If we pause to look beneath the surface of a few of Francis’ most celebrated moments, his challenge is clear.

When he embraced the young man with severe disabilities, he was calling on the world to change its approach to how we value human life by putting the most vulnerable at the center. To do so, each of us needs to become more vulnerable ourselves. That’s not easy or comfortable.

When he washed the feet of a Muslim convict, he was calling on the world to end the scourge of discrimination. To do so, each of us needs to face our own prejudices, be they ethnic, social or personal — and most prejudices are deeper than many of us care to admit.
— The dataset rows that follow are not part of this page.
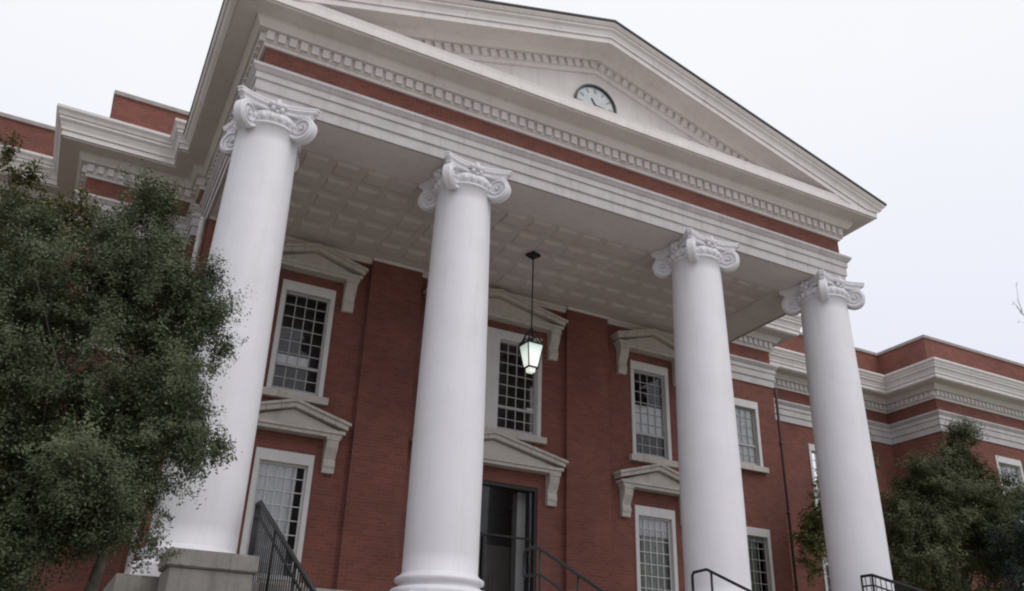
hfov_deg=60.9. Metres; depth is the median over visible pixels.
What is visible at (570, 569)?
stair railing
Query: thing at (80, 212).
tree
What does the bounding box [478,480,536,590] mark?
entrance door
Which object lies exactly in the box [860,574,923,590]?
stair railing
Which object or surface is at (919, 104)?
sky
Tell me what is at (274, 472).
window
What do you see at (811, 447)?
window
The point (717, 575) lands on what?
stair railing
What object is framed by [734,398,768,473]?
window
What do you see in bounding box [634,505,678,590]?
window
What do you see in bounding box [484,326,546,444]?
window
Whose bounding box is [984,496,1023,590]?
conifer tree
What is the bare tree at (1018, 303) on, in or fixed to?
on the ground
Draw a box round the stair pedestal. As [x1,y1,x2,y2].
[157,547,259,590]
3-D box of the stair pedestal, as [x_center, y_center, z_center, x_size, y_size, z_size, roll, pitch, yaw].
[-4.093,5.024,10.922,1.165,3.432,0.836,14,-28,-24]
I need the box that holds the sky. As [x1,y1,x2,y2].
[0,0,1023,363]
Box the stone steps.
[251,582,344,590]
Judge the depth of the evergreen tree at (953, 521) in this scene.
24.84 m
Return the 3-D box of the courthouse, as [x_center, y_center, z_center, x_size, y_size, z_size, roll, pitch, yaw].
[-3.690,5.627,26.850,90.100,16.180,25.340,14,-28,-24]
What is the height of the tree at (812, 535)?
9.957 m
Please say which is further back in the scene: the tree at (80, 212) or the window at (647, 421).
the window at (647, 421)
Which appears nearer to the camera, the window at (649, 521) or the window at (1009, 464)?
the window at (649, 521)
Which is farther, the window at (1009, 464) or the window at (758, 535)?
the window at (1009, 464)
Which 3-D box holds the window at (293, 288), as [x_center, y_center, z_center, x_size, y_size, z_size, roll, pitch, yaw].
[-4.819,1.070,19.904,1.500,2.845,0.400,14,-28,-24]
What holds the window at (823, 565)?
in the courthouse
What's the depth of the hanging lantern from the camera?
19.79 m
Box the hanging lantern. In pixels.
[518,251,543,373]
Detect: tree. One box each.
[0,127,103,336]
[0,159,256,590]
[783,428,888,588]
[881,409,1023,590]
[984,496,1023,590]
[1013,283,1023,322]
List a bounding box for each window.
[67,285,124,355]
[239,447,314,586]
[262,279,335,406]
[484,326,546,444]
[629,360,678,468]
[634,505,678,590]
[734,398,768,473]
[746,526,774,590]
[808,443,819,509]
[822,558,830,590]
[994,455,1023,523]
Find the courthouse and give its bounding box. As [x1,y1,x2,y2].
[0,0,1023,590]
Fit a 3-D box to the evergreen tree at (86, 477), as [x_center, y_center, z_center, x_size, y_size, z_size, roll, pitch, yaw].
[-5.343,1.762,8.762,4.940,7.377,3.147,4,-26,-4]
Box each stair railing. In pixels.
[248,500,316,590]
[522,545,604,590]
[691,568,751,590]
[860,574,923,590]

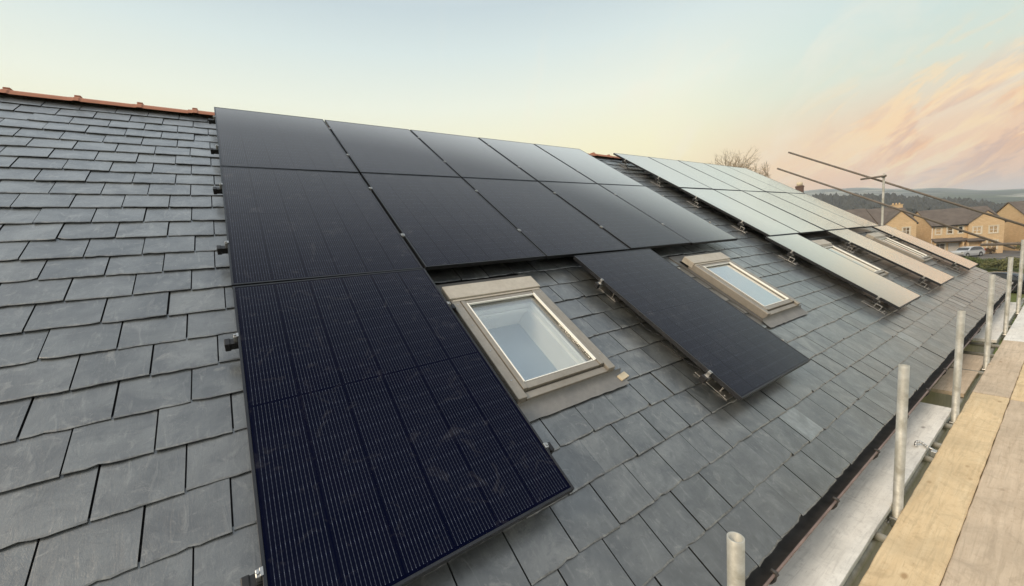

When he invited the homeless to his home for his birthday, Francis was calling on the world to end the gulf that separates those who have from those who have almost nothing. To do so, the guest list at almost every party in Washington would have to change. Those who have no need for power over others should have an urgent longing to welcome those who are victims of power. Most of us have a lot of work to do to achieve that level of solidarity.

The initial praise for Francis may not endure. Prophets often enjoy popularity until people hear the full depth of their challenge. People on the political right are already distrustful because the pope, like many mystics, seems to be abandoning certainty and trusting in the spirit that “blows where it will.” Order and control are at risk. The layers of conformity are being peeled away and what might emerge is uncertain.

But the left should be equally nervous because the spirit also invites a firm faith in the divine. It is not elitist. It is not arrogant. It does not come with doctorates in policy and economics and the sciences. It dethrones every kind of power. Its only principle is life—the more vulnerable the more beautiful. It only makes sense with an embrace of faith.

It is that faith in the goodness of God and that freedom in the spirit that are at the heart of Francis’ example—the man of God who embraces those with disabilities, those with no home, those who are strangers among us. Beware, lest we miss the full challenge to each of us of a faith like his.